## Records for this task
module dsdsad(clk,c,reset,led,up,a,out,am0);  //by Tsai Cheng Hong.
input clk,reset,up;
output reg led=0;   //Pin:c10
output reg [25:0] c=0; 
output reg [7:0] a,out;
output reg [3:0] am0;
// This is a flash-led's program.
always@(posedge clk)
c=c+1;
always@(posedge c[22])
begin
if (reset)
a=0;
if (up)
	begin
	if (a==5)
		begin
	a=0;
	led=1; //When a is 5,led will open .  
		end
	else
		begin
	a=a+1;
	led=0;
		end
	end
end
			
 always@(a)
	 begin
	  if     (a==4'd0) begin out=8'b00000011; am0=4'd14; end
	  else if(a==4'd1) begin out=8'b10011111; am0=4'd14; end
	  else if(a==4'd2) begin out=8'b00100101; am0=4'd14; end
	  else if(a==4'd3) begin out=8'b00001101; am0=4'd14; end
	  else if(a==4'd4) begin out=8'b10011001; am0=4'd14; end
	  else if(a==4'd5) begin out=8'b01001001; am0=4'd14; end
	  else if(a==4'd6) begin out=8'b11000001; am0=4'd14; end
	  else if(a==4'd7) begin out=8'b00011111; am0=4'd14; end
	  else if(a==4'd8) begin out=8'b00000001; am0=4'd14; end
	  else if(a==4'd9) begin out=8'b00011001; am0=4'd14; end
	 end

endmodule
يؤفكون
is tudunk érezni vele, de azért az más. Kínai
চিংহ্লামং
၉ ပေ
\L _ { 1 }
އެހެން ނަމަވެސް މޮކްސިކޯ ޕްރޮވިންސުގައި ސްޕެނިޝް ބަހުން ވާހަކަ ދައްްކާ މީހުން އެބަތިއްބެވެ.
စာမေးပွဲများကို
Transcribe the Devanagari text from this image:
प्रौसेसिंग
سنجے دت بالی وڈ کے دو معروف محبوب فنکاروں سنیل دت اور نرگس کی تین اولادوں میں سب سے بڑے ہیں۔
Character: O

* * *

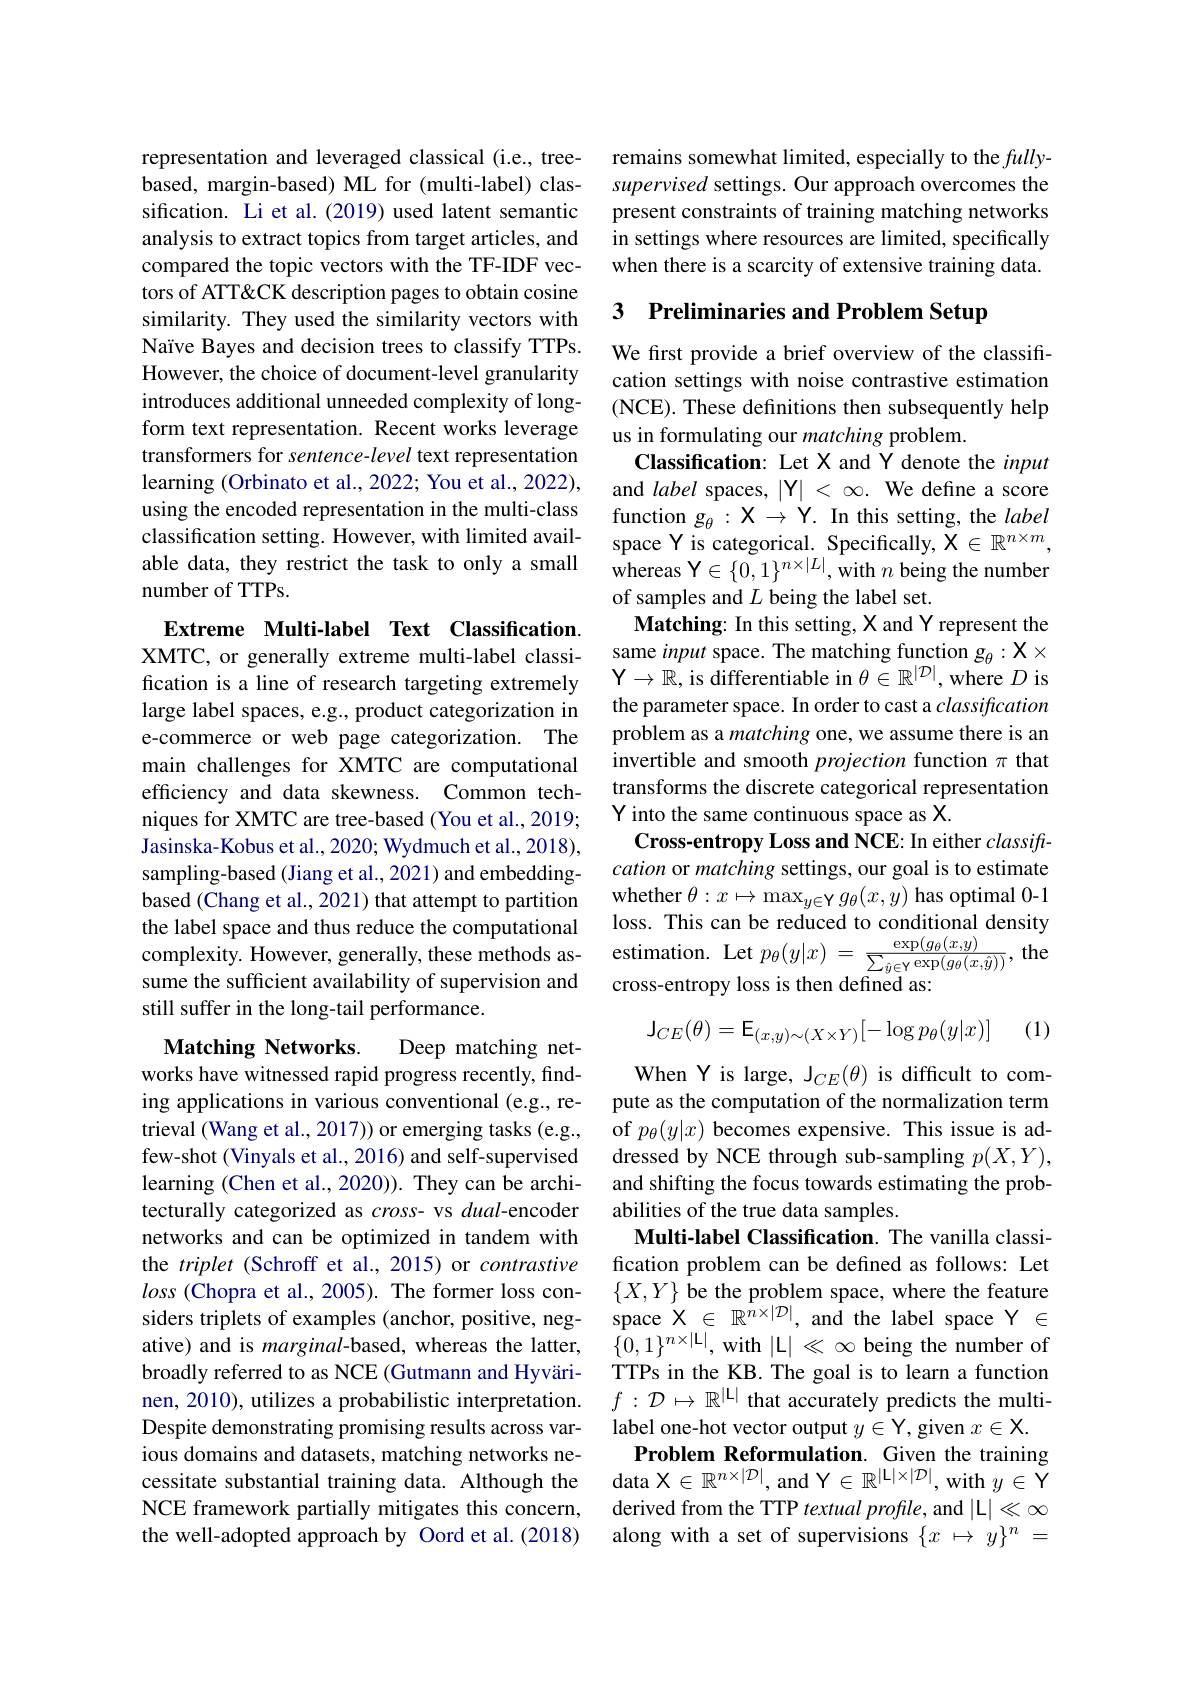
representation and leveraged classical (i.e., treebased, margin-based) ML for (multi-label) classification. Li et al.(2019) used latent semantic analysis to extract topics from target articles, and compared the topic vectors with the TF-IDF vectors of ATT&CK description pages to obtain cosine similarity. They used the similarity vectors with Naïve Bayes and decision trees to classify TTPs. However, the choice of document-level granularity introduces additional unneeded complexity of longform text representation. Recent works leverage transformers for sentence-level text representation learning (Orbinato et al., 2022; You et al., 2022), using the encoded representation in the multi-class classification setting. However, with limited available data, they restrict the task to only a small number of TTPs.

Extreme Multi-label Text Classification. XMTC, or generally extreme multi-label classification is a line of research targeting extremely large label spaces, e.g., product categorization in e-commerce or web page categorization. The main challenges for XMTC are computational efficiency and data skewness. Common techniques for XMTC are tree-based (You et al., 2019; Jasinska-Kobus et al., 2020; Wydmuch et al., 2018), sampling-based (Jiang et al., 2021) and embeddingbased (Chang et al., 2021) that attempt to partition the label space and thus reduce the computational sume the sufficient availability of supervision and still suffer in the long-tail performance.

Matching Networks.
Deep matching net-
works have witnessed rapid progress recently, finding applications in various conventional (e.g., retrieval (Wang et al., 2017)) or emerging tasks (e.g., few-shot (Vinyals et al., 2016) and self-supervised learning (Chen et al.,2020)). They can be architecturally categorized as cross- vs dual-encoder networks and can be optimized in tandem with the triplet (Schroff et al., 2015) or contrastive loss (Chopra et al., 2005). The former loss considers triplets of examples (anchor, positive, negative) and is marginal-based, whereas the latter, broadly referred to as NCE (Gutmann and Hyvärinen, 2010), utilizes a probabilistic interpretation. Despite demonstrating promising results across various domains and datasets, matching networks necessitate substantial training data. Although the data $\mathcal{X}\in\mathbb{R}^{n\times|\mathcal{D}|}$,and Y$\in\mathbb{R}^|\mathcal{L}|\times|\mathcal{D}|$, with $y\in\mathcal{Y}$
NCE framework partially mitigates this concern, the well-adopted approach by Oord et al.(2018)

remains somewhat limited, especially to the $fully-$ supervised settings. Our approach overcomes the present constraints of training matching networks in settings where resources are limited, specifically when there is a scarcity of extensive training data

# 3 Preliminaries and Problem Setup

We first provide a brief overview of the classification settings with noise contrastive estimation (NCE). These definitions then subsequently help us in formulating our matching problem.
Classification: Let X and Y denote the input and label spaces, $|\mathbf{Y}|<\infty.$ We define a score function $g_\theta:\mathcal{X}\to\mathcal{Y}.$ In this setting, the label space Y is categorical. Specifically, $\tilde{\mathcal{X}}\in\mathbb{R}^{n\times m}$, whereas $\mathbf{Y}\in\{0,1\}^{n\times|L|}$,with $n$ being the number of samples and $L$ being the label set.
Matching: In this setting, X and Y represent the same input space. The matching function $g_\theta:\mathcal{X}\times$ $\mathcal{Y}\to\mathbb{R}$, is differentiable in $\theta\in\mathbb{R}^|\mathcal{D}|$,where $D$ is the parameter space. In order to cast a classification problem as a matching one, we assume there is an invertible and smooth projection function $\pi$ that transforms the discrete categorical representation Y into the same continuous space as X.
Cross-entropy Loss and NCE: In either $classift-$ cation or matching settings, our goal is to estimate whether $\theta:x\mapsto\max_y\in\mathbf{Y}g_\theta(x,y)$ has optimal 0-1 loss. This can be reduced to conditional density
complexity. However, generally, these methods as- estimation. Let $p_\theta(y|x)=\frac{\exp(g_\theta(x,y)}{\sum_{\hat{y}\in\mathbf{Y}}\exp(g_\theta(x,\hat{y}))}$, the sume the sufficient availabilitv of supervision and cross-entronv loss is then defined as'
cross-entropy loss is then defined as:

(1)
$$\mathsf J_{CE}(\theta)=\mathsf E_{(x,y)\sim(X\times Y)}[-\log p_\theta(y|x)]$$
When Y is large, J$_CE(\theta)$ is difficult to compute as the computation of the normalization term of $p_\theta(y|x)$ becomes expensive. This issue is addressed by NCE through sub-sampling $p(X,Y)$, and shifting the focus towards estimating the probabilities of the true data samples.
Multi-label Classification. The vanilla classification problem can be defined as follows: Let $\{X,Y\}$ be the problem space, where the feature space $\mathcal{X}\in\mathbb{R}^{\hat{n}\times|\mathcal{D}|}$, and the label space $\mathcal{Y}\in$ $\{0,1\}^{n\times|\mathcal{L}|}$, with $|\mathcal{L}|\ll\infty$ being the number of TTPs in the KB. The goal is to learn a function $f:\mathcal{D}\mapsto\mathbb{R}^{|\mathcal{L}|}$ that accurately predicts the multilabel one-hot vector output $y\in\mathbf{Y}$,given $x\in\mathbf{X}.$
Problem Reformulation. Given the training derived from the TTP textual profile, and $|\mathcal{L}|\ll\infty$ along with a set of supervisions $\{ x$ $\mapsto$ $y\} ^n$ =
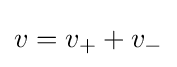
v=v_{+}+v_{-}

## Your assignment
Start with the line above that contains "NCE framework partially" and end with the line that contains "# 3 Preliminaries and Problem Setup". Write out those lines exactly, and only those.

## Task output
NCE framework partially mitigates this concern, the well-adopted approach by Oord et al.(2018)

remains somewhat limited, especially to the $fully-$ supervised settings. Our approach overcomes the present constraints of training matching networks in settings where resources are limited, specifically when there is a scarcity of extensive training data

# 3 Preliminaries and Problem Setup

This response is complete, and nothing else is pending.